> [Task statement]: Leave out the pictures and output the data verbatim.

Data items
┄┄┄┄┄┄┄┄┄┄

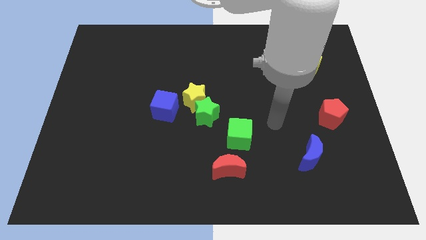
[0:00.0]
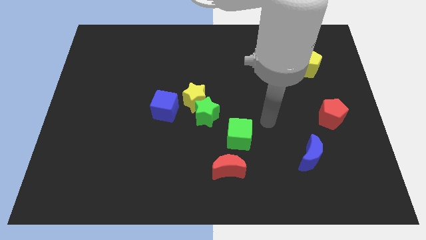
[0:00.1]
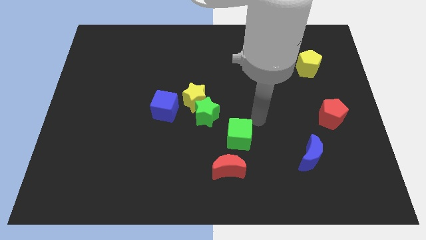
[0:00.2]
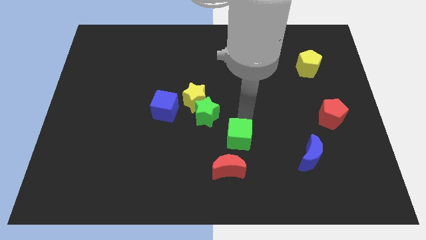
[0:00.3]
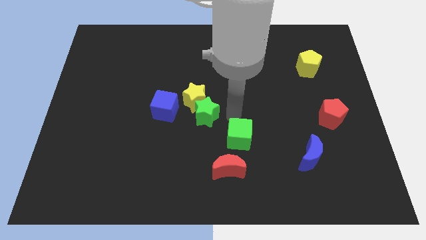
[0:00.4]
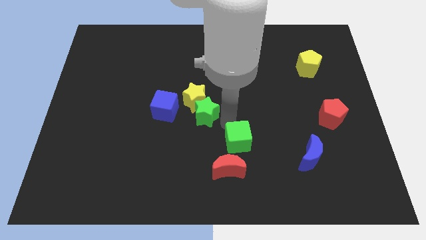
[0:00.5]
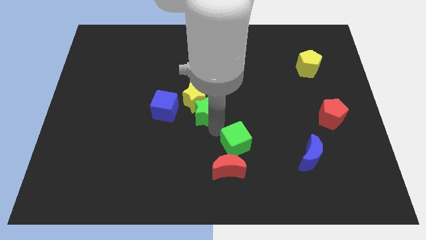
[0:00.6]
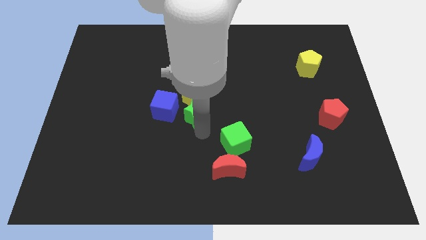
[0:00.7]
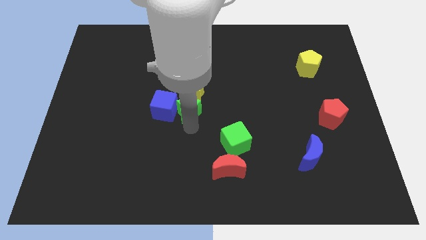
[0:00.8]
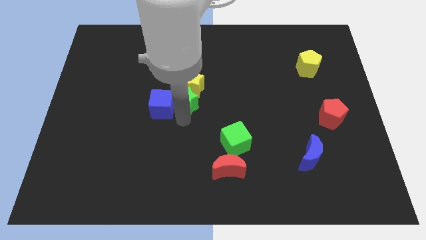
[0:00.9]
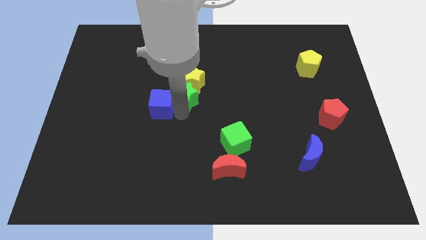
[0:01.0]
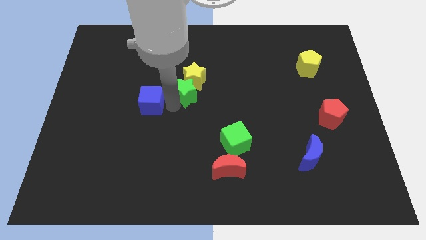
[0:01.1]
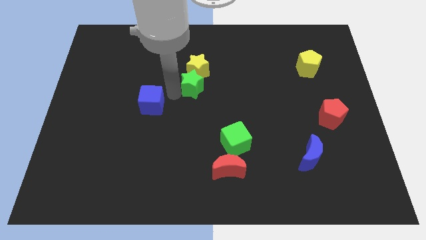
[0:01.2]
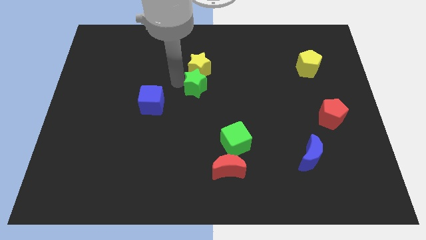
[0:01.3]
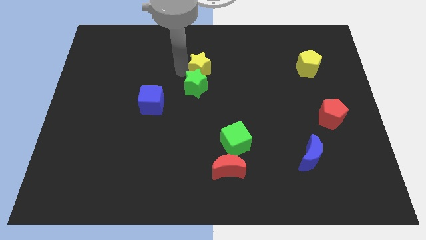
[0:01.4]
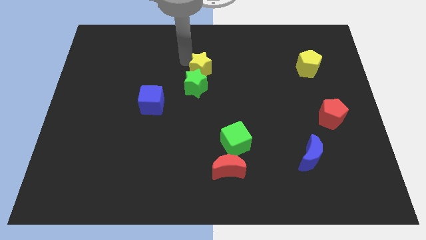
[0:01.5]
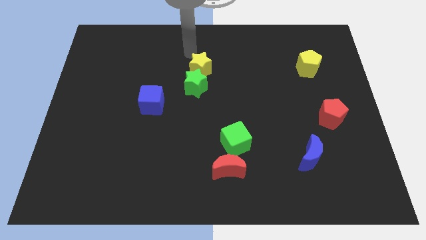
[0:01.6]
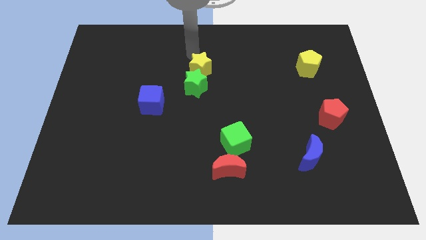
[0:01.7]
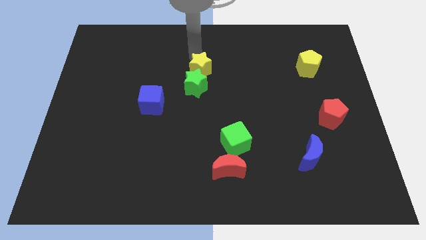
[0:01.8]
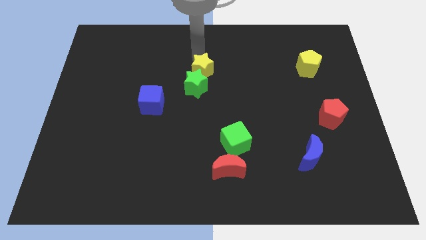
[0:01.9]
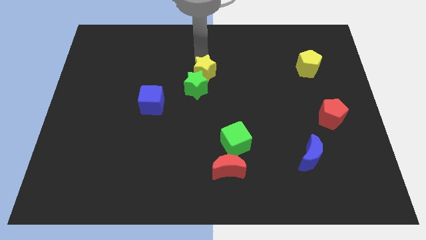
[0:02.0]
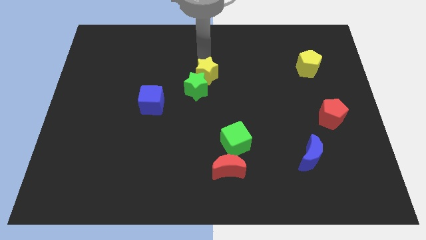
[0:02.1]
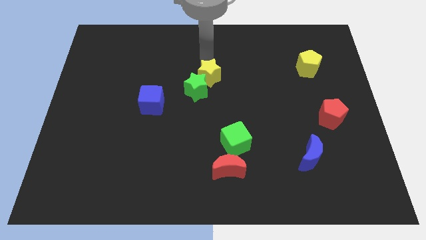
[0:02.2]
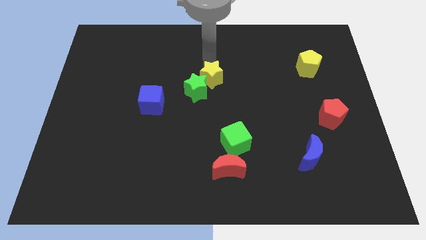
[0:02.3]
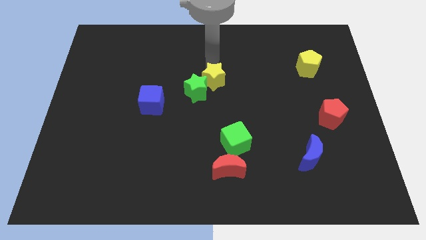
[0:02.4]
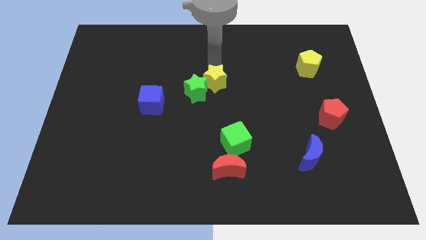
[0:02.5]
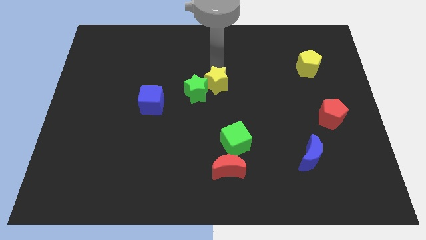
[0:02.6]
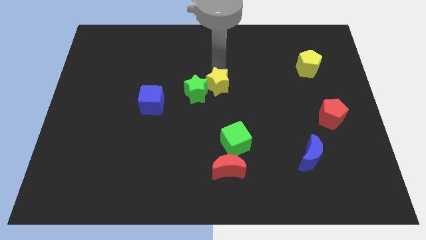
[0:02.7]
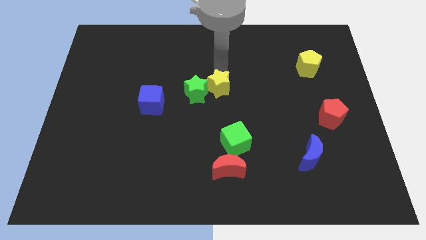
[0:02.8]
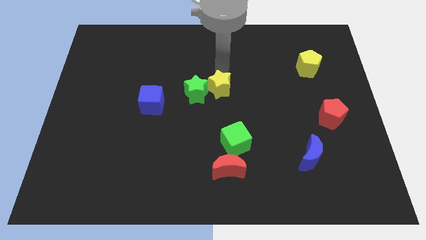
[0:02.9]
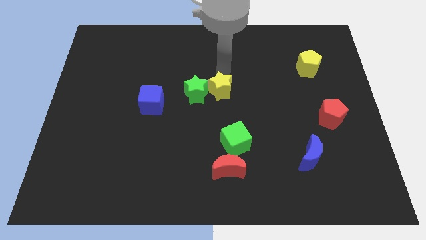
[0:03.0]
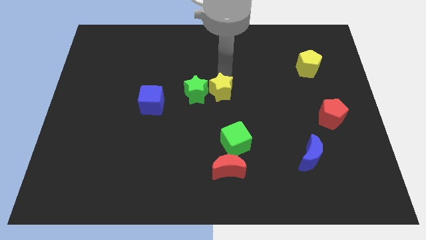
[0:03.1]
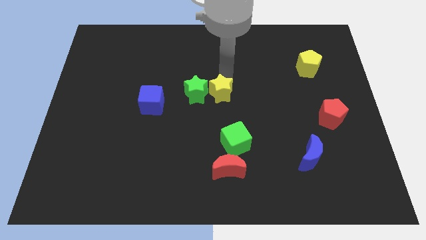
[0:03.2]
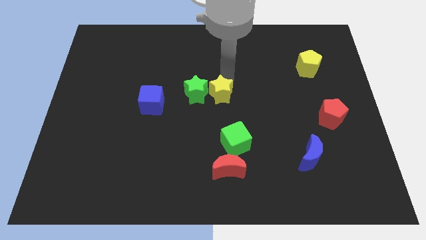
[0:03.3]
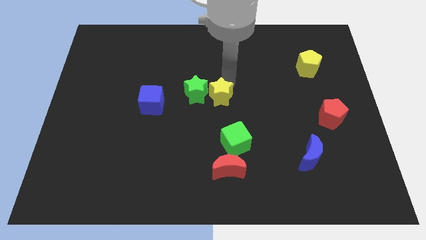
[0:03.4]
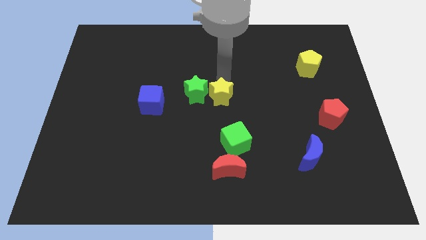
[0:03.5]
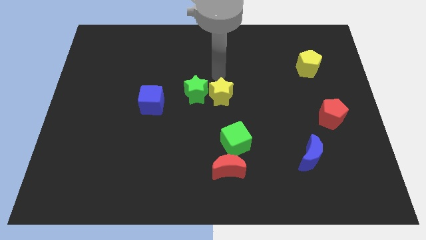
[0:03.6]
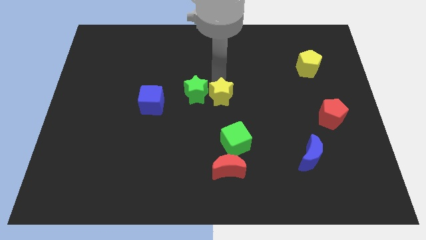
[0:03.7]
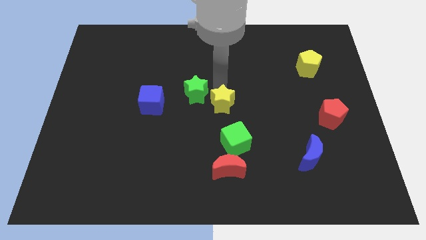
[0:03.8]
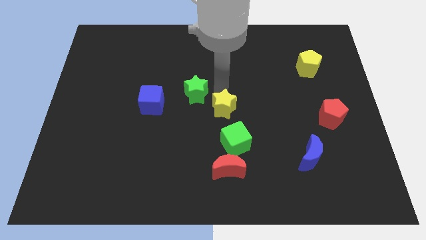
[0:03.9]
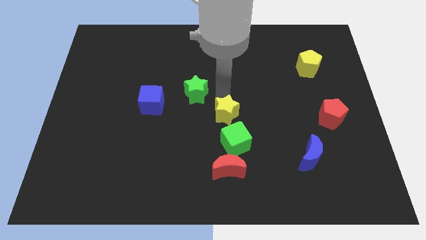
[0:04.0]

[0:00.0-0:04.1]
push the yellow star above the red moon

┄┄┄┄┄┄┄┄┄┄

> [Expected answer]:
[0:00.0]
[0:00.1]
[0:00.2]
[0:00.3]
[0:00.4]
[0:00.5]
[0:00.6]
[0:00.7]
[0:00.8]
[0:00.9]
[0:01.0]
[0:01.1]
[0:01.2]
[0:01.3]
[0:01.4]
[0:01.5]
[0:01.6]
[0:01.7]
[0:01.8]
[0:01.9]
[0:02.0]
[0:02.1]
[0:02.2]
[0:02.3]
[0:02.4]
[0:02.5]
[0:02.6]
[0:02.7]
[0:02.8]
[0:02.9]
[0:03.0]
[0:03.1]
[0:03.2]
[0:03.3]
[0:03.4]
[0:03.5]
[0:03.6]
[0:03.7]
[0:03.8]
[0:03.9]
[0:04.0]

[0:00.0-0:04.1]
push the yellow star above the red moon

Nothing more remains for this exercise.